Светлан дернул уголком рта и, склоняясь к Эрили, прошептал:

— В прошлый год он едва не уморил своими проповедями мессира Леля. С тех пор наш милостивый домес посещает Подгорную часовню и стороной обходит кафедральный собор.

Духами и вином от него пахнуло так резко, что у вуивр закружилась голова.

— Мона?

— Где Лель?

— Вон там, — таинник указал на купу пестрых шатров с зубчатыми фестонами вокруг крыш. — Мона его скоро увидит.

— Моне не худо бы подкрепиться, — прозорливо заметил Дым, разворачивая Эриль к себе здоровой рукой и пытливо вглядываясь в лицо. Галь подозвал пажа и отдал короткий приказ.

И когда примас закруглял очень уж длинную речь прочувствованным: «Да победит сильнейший!», — забралась на помост румяная дебелая баба в высокой намитке, прячущей волосы. Полосатое платье бабы прикрывал белейший передник. На широком ремне висела за спиной корзина с горшками и горшочками, обвязанными льном, а еще две корзины она волокла в руках. И пока проезжали по ристалищу сопровождаемые восторженным ревом тарвенские рыцари — что они, что кони были украшены гербовыми накидками, яркостью соперничающими с одеяниями зрителей… Пока раздавались то восхищенное аханье, то гогот — оценка вычурным шлемам, украшенным «крестами» в виде лебедя, головами волка или рыси; с наметами, словно посеченными мечами, что указывало на доблесть обладателей… Пока дамы — прекрасные и не слишком — в азарте бросали на поле платки и цветные ленты, чтобы воины повязали их на рукава и шлемы, прежде чем ринуться в бой (в конце турнира самые азартные прелестницы могли оказаться босыми и без рукавов)… Пока, дудя в рога, проходили в табардах герольды, поспешали пажи и оруженосцы со знаменами… Пока приплясывали вдоль рыцарского строя жонглеры, сопровождаемые гнусавыми тамбуринами и писком флейт… Пока распорядитель представлял четырех судей турнира — с белыми высокими посохами: не только знаком судейства, видным издалека, но и способом вложить толику повиновения в разгоряченные головы… И пятого, почетного, — с «чепцом милосердия» на копье, чьей обязанностью было спустить его на ослабевшего рыцаря — если за того попросят дамы: ударить осененного подобной милостью считалось бесчестным…
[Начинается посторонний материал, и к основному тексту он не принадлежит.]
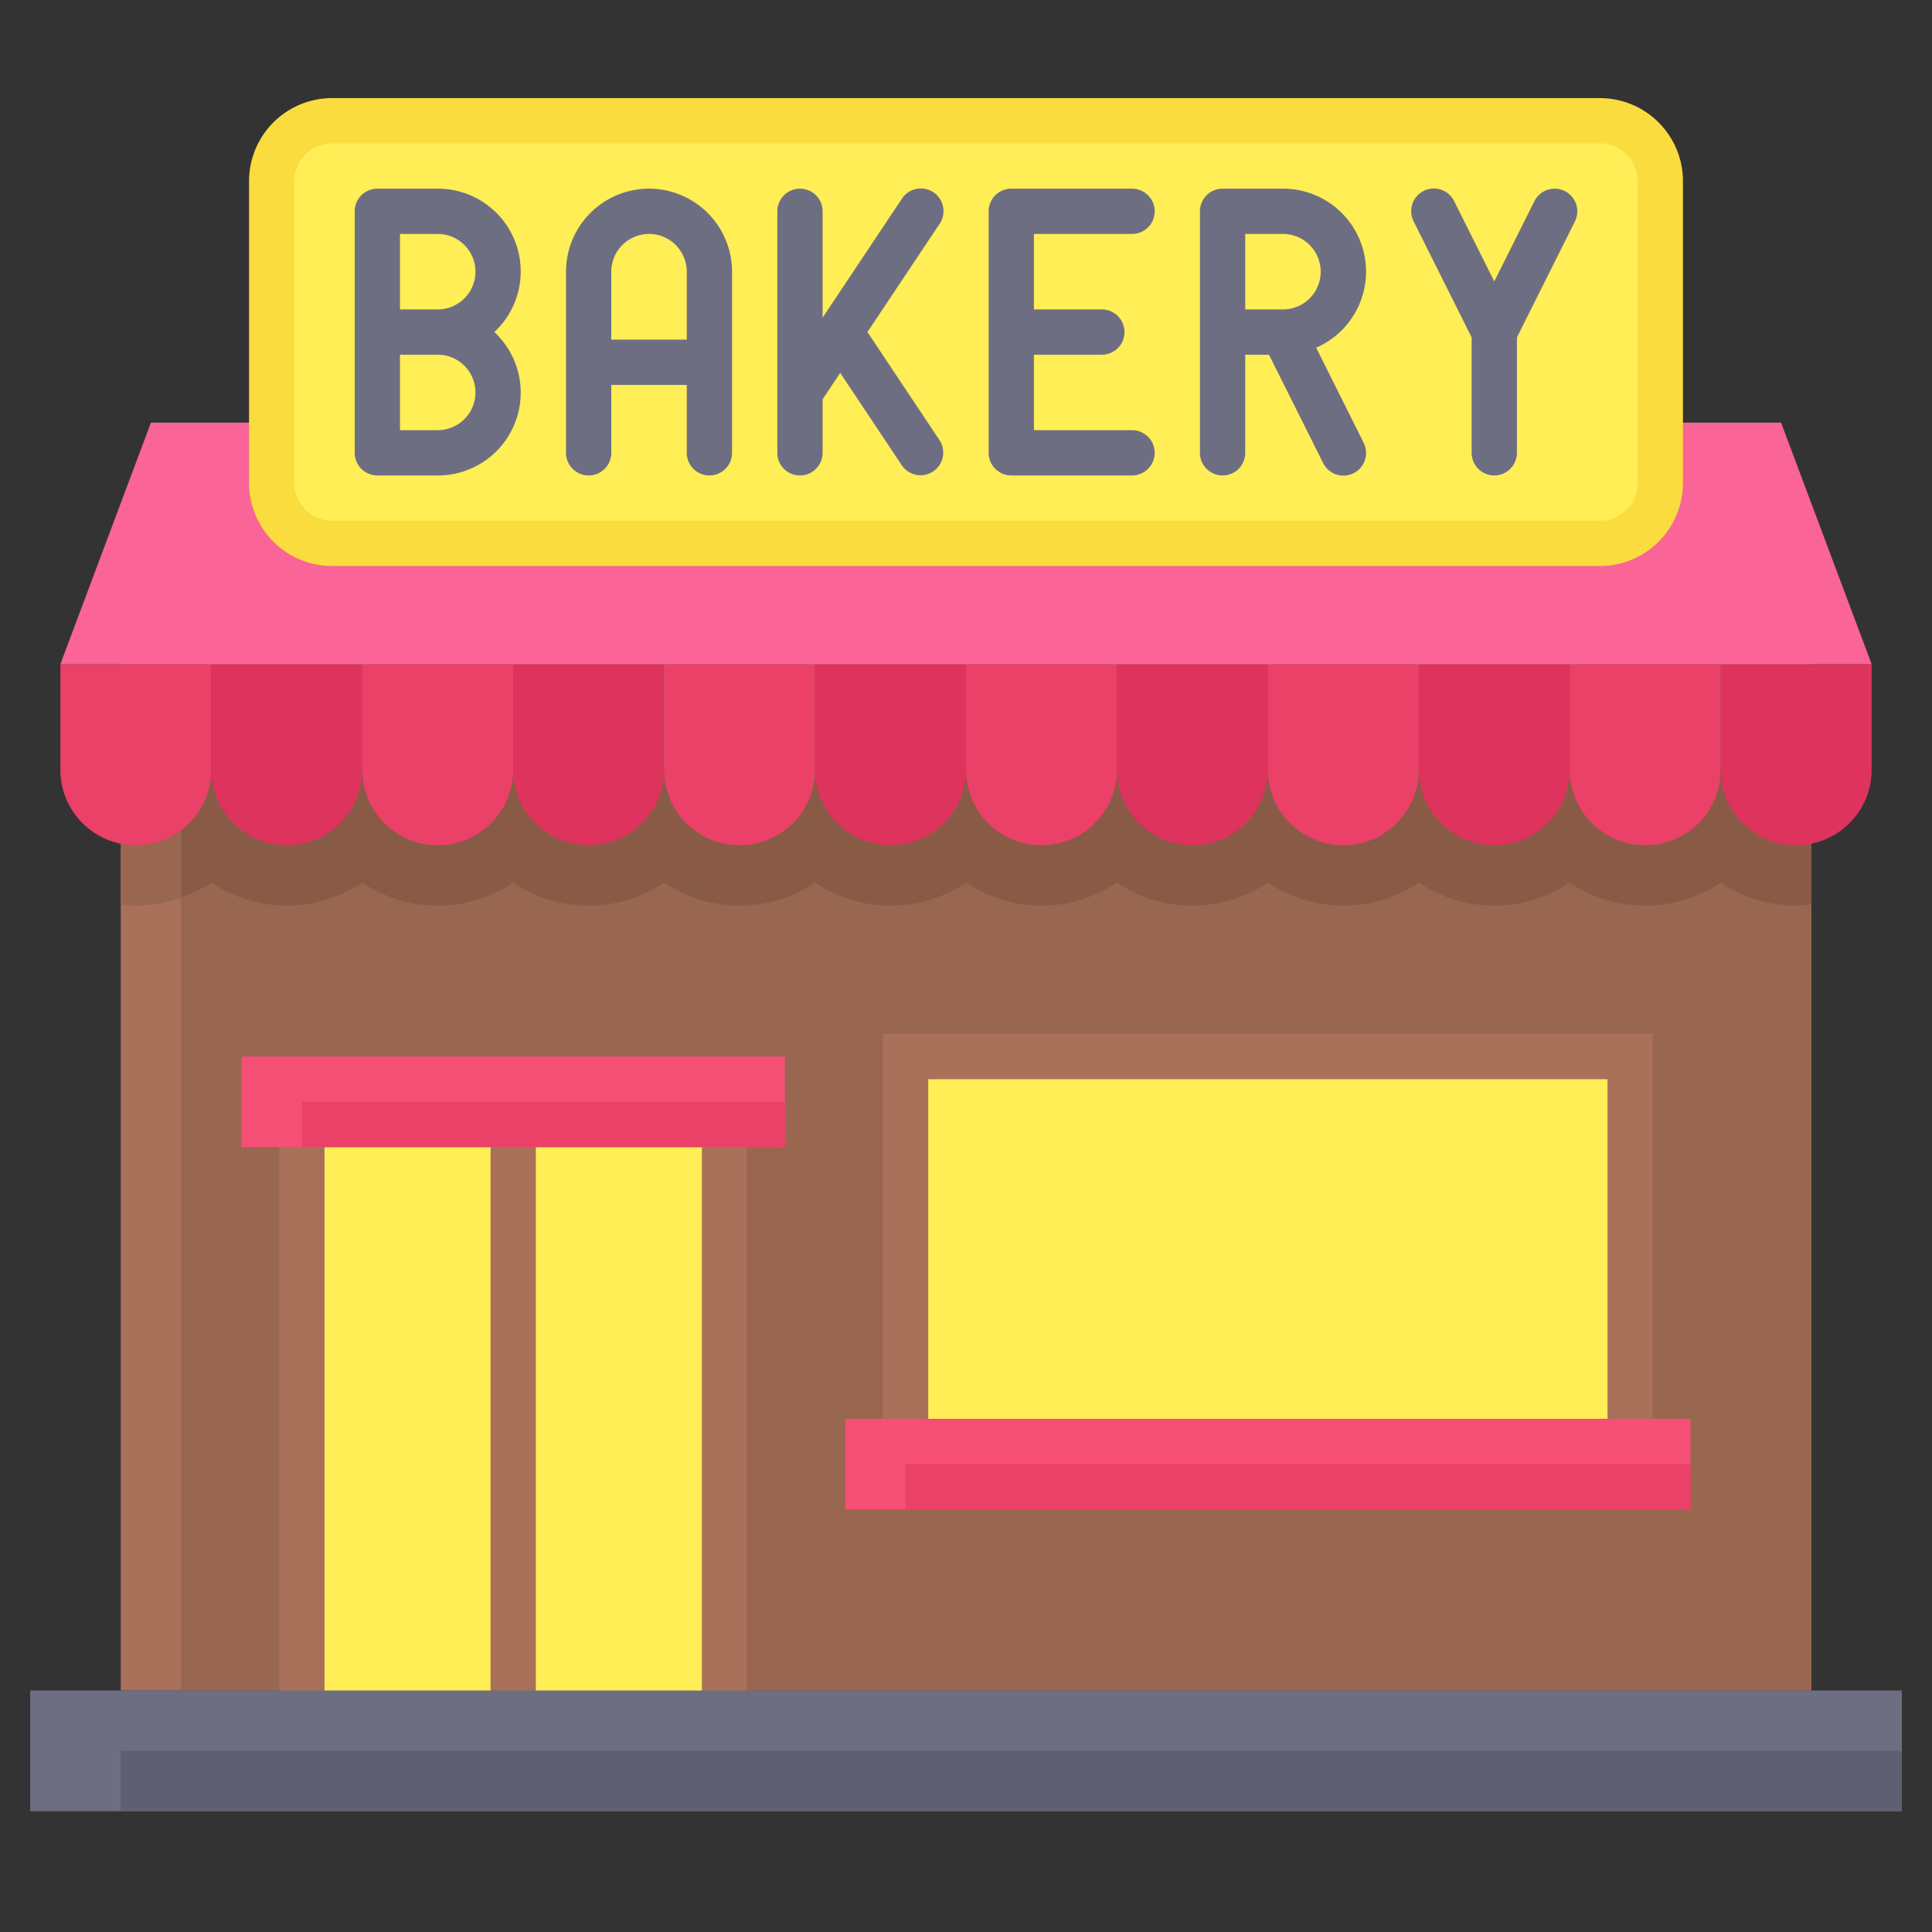 <svg id="Flat" viewBox="0 0 64 64" xmlns="http://www.w3.org/2000/svg"><rect x="0" y="0" width="64" height="64" fill="#333333" stroke="none"/><path d="m4 22h56v34h-56z" fill="#a97159"/><path d="m6 22h54v34h-54z" fill="#99664f"/><path d="m4 29.949a4.342 4.342 0 0 0 .5.051 4.474 4.474 0 0 0 2.5-.762 4.482 4.482 0 0 0 5 0 4.482 4.482 0 0 0 5 0 4.482 4.482 0 0 0 5 0 4.482 4.482 0 0 0 5 0 4.482 4.482 0 0 0 5 0 4.482 4.482 0 0 0 5 0 4.482 4.482 0 0 0 5 0 4.482 4.482 0 0 0 5 0 4.482 4.482 0 0 0 5 0 4.482 4.482 0 0 0 5 0 4.474 4.474 0 0 0 2.5.762 4.342 4.342 0 0 0 .5-.051v-7.949h-56z" fill="#99664f"/><path d="m6 29.732a4.542 4.542 0 0 0 1-.494 4.482 4.482 0 0 0 5 0 4.482 4.482 0 0 0 5 0 4.482 4.482 0 0 0 5 0 4.482 4.482 0 0 0 5 0 4.482 4.482 0 0 0 5 0 4.482 4.482 0 0 0 5 0 4.482 4.482 0 0 0 5 0 4.482 4.482 0 0 0 5 0 4.482 4.482 0 0 0 5 0 4.482 4.482 0 0 0 5 0 4.474 4.474 0 0 0 2.5.762 4.342 4.342 0 0 0 .5-.051v-7.949h-54z" fill="#895b46"/><path d="m10 37.25h14v19.5h-14z" fill="#ffee56"/><path d="m9.25 37.25h1.5v19.5h-1.5z" fill="#a97159"/><path d="m23.25 37.25h1.5v19.5h-1.5z" fill="#a97159"/><path d="m16.25 37.25h1.5v19.5h-1.5z" fill="#a97159"/><path d="m30 35h24v12.75h-24z" fill="#ffee56"/><path d="m54.75 34.25h-25.5v13.5h1.5v-12h22.5v12h1.5z" fill="#a97159"/><path d="m28 47h28v3h-28z" fill="#f54f76"/><path d="m30 48.5h26v1.5h-26z" fill="#eb4067"/><path d="m2 22h5v3.5a2.5 2.5 0 0 1 -2.5 2.5 2.5 2.5 0 0 1 -2.5-2.5z" fill="#eb4067"/><path d="m7 22h5v3.5a2.5 2.5 0 0 1 -2.5 2.5 2.5 2.5 0 0 1 -2.5-2.5z" fill="#dd335c"/><path d="m12 22h5v3.5a2.5 2.5 0 0 1 -2.5 2.5 2.5 2.5 0 0 1 -2.5-2.5z" fill="#eb4067"/><path d="m17 22h5v3.5a2.5 2.5 0 0 1 -2.5 2.5 2.5 2.5 0 0 1 -2.5-2.5z" fill="#dd335c"/><path d="m22 22h5v3.5a2.5 2.5 0 0 1 -2.5 2.5 2.5 2.5 0 0 1 -2.5-2.5z" fill="#eb4067"/><path d="m27 22h5v3.5a2.5 2.5 0 0 1 -2.5 2.5 2.5 2.5 0 0 1 -2.5-2.5z" fill="#dd335c"/><path d="m32 22h5v3.5a2.5 2.5 0 0 1 -2.5 2.5 2.5 2.5 0 0 1 -2.5-2.5z" fill="#eb4067"/><path d="m37 22h5v3.5a2.5 2.5 0 0 1 -2.5 2.5 2.5 2.5 0 0 1 -2.5-2.5z" fill="#dd335c"/><path d="m42 22h5v3.5a2.5 2.5 0 0 1 -2.5 2.5 2.5 2.5 0 0 1 -2.5-2.5z" fill="#eb4067"/><path d="m47 22h5v3.5a2.5 2.5 0 0 1 -2.5 2.5 2.5 2.5 0 0 1 -2.5-2.5z" fill="#dd335c"/><path d="m52 22h5v3.5a2.5 2.5 0 0 1 -2.5 2.5 2.5 2.5 0 0 1 -2.5-2.5z" fill="#eb4067"/><path d="m57 22h5v3.5a2.5 2.5 0 0 1 -2.5 2.5 2.5 2.5 0 0 1 -2.5-2.5z" fill="#dd335c"/><path d="m5 14h54l3 8h-60z" fill="#fa6496"/><rect fill="#ffee56" height="14" rx="2" width="46" x="9" y="4"/><path d="m53 18.75h-42a2.752 2.752 0 0 1 -2.75-2.75v-10a2.752 2.752 0 0 1 2.75-2.75h42a2.752 2.752 0 0 1 2.75 2.75v10a2.752 2.752 0 0 1 -2.75 2.75zm-42-14a1.252 1.252 0 0 0 -1.25 1.25v10a1.252 1.252 0 0 0 1.25 1.25h42a1.252 1.252 0 0 0 1.25-1.25v-10a1.252 1.252 0 0 0 -1.25-1.25z" fill="#fadc3e"/><g fill="#6e6e82"><path d="m16.376 11a2.743 2.743 0 0 0 -1.876-4.75h-2a.75.75 0 0 0 -.75.75v8a.75.75 0 0 0 .75.75h2a2.743 2.743 0 0 0 1.876-4.75zm-3.126-3.25h1.25a1.25 1.25 0 0 1 0 2.5h-1.25zm1.25 6.5h-1.25v-2.5h1.25a1.25 1.25 0 0 1 0 2.5z"/><path d="m21.5 6.25a2.752 2.752 0 0 0 -2.75 2.75v6a.75.75 0 0 0 1.5 0v-2.25h2.5v2.25a.75.75 0 0 0 1.5 0v-6a2.752 2.752 0 0 0 -2.75-2.75zm-1.25 5v-2.25a1.25 1.25 0 0 1 2.5 0v2.25z"/><path d="m37.5 14.25h-3.25v-2.5h2.25a.75.75 0 0 0 0-1.5h-2.25v-2.5h3.25a.75.75 0 0 0 0-1.5h-4a.75.75 0 0 0 -.75.75v8a.75.75 0 0 0 .75.75h4a.75.75 0 0 0 0-1.5z"/><path d="m43.6 11.518a2.748 2.748 0 0 0 -1.1-5.268h-2a.75.75 0 0 0 -.75.75v8a.75.75 0 0 0 1.5 0v-3.25h.786l1.793 3.585a.75.75 0 1 0 1.342-.67zm-2.35-3.768h1.25a1.25 1.25 0 0 1 0 2.5h-1.25z"/><path d="m28.735 11 2.389-3.584a.75.75 0 1 0 -1.248-.832l-2.626 3.939v-3.523a.75.75 0 0 0 -1.5 0v8a.75.75 0 0 0 1.5 0v-1.773l.583-.875 2.043 3.064a.75.75 0 0 0 1.248-.832z"/><path d="m51.835 6.329a.751.751 0 0 0 -1.006.336l-1.329 2.658-1.329-2.658a.75.75 0 1 0 -1.342.67l1.921 3.842v3.823a.75.75 0 0 0 1.5 0v-3.823l1.921-3.842a.75.75 0 0 0 -.336-1.006z"/><path d="m1 56h62v4h-62z"/></g><path d="m4 58h59v2h-59z" fill="#5f5f73"/><path d="m8 35h18v3h-18z" fill="#f54f76"/><path d="m10 36.5h16v1.5h-16z" fill="#eb4067"/></svg>

Итак, пока происходило все это на потеху зрителей, на помосте велся шепотом торг: такой жестокий, что предстоящие бои показались бы подле невинной детской забавой.

«Последний раз взываю я к вам, мужи доблести…» — звучно возглашал распорядитель, — «…ответить искренне и без утайки, не уличен ли кто из вас во лжи и клятвопреступлении…»

— Ты понимаешь в коровах? Я понимаю в коровах! Да у моей такие сливки — ложка стоит, как у бабника х…!

«Нет ли среди вас ростовщиков, что явно одалживают ради выгоды…»

— Горшок открыть? А ты потом платить откажешься?

«Женат ли кто из вас на женщине, что ниже по происхождению и неблагородна

— И что? Селестину-молочницу все знают! А ты тут кто?

«Сказал ли кто недостойное в адрес дам или девиц без всякой на то причины?»

— Бл…м ты королева!

«И если сыщутся таковые меж вами, то за первые две провинности мужи доблестныена турнире должны схватить и бить провинившегося, пока тот не согласится уступить своего коня. И когда он сдастся, слуги пешие и конные по приказу обрежут подпругу с его седла…»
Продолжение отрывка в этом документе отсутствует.